Ever since I was in school, from my first day of pre-kindergarten to my last day of my senior year of high school I have been known as the short girl. I bet people who I went to school with mainly associated me as the short girl which at the time was quite annoying and I perceived as disrespectful. Out of all of what my personality and my qualities offer and the one thing that people would leave with is is the fact that I was short. Great, even I could of looked in the mirror and realize that about myself. I have lost count to the many times I came complaining to my parents about my size and how because of my size people did not take me seriously. I even thought that because I was short that the guys I was interested in would overlook me. You see, when you are short for the most part people will think that you are weak or that you may need extra help when you are out in public. People automatically assume that being short, that taller people may have the upper hand. Which is how I thought about my size and I kind of just accepted my defeat there. My genes have made me this way and there was no way I was able to change my body.
To be fair, I think I was the biggest bully to myself because before anyone had the opportunity to mention anything about my size I was already putting myself down for it. I had this mentality that if I could beat someone to the teasing then I would not have fallen so hard if someone were to come and actually make comments. I had grown such a thick layer which sometimes growing a thick layer is good but mine was so thick to the point that I started to dislike myself. The what if's came in frequent waves. "What if I was taller..." "What if people saw me for who I am, like actually saw me, rather than seeing my size and automatically judging my talents..." "What if..." I had begun to fall in love with an idea of myself and was drifting away from my actual self.

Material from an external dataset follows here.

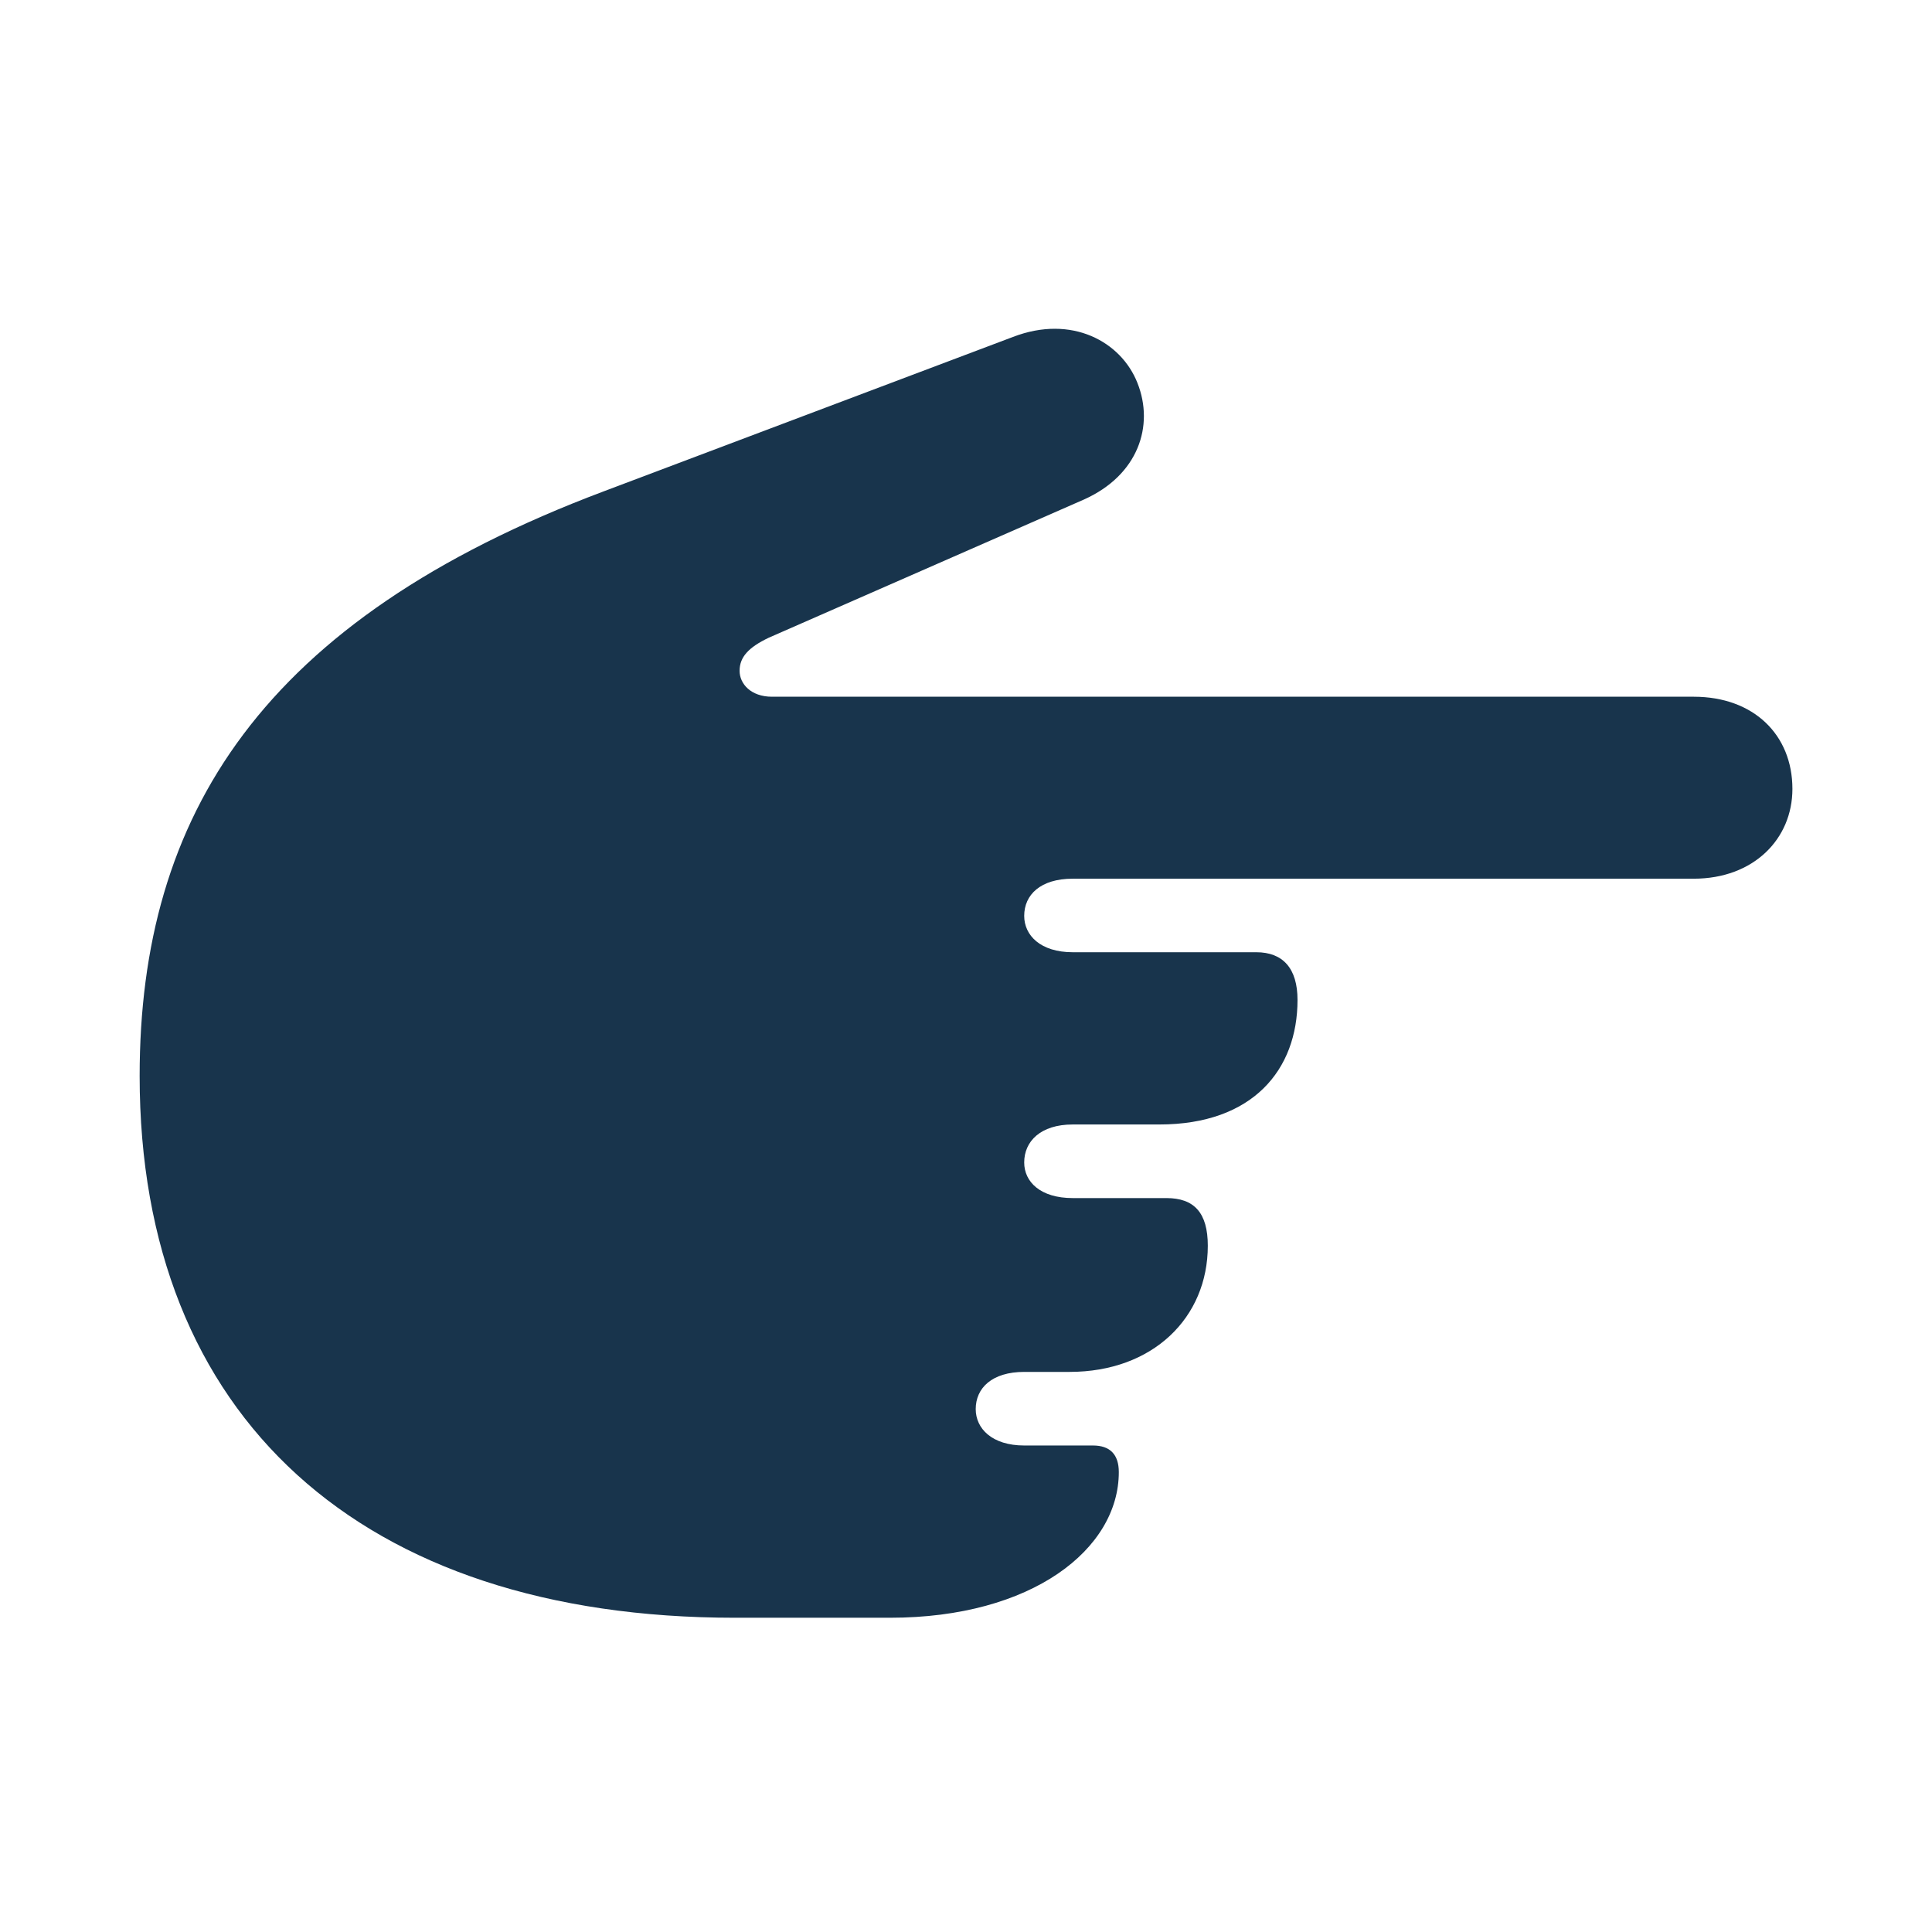 <svg width="32" height="32" fill="none" xmlns="http://www.w3.org/2000/svg"><path d="M2.313 17.822c0 5.651 3.67 8.973 9.857 8.973h2.571c2.357 0 3.79-1.139 3.79-2.412 0-.294-.147-.441-.428-.441h-1.138c-.536 0-.804-.282-.804-.603 0-.348.268-.616.804-.616h.75c1.379 0 2.29-.897 2.29-2.09 0-.548-.228-.789-.684-.789h-1.553c-.536 0-.804-.269-.804-.59 0-.348.269-.629.804-.629h1.433c1.553 0 2.29-.91 2.29-2.063 0-.522-.241-.79-.683-.79h-3.04c-.536 0-.804-.281-.804-.602 0-.349.269-.616.804-.616h10.286c.99 0 1.634-.657 1.634-1.487 0-.897-.643-1.527-1.634-1.527H12.786c-.349 0-.536-.214-.536-.429 0-.227.147-.388.482-.548l5.223-2.29c.898-.403 1.166-1.22.885-1.929-.268-.683-1.086-1.139-2.063-.763L10 8.138c-5.665 2.13-7.687 5.371-7.687 9.684Z" fill="#18344C"/></svg>

Until I had reached college, things have changed. I started to look at myself from a different angle. I had come to meet with my flaw as being short because I had come to realize that being short is part of my personality. I started to view my shortness as a unique quality of mine because even though most of the people that go to my university are pretty tall, you find yourself standing out without even trying. People usually care less about how you look like, they may still stare, but for the most part at least I did not care at that point. I began to love myself again and for the healthy body that I have been too busy overlooking. In fact that is how I met one of my good friends from college. We used to live on the same floor and she was that type of person to greet everyone in the hall until one day she came over to my room. We got acquainted and we both spoke freely about where we came from. Sometimes my friend had some pretty unfiltered thoughts and she would occasionally mention how my short figure was what made her want to be my friend and first but then when she got to know me she was grateful to have gotten to know me. So I have come to realize that being short has their privileges. You are able to sit in the middle of the suspended chairs with your friends, you are able to sit at the outer seat of rides, since I am short I needed to ride with a companion most times so I did not have to ride on my own, you are able to get child discounts if you play your cards right, you get to still shop in the girls section at department stores for a cheaper price than the actual woman's wear, and so much more which before I had thought was embarrassing.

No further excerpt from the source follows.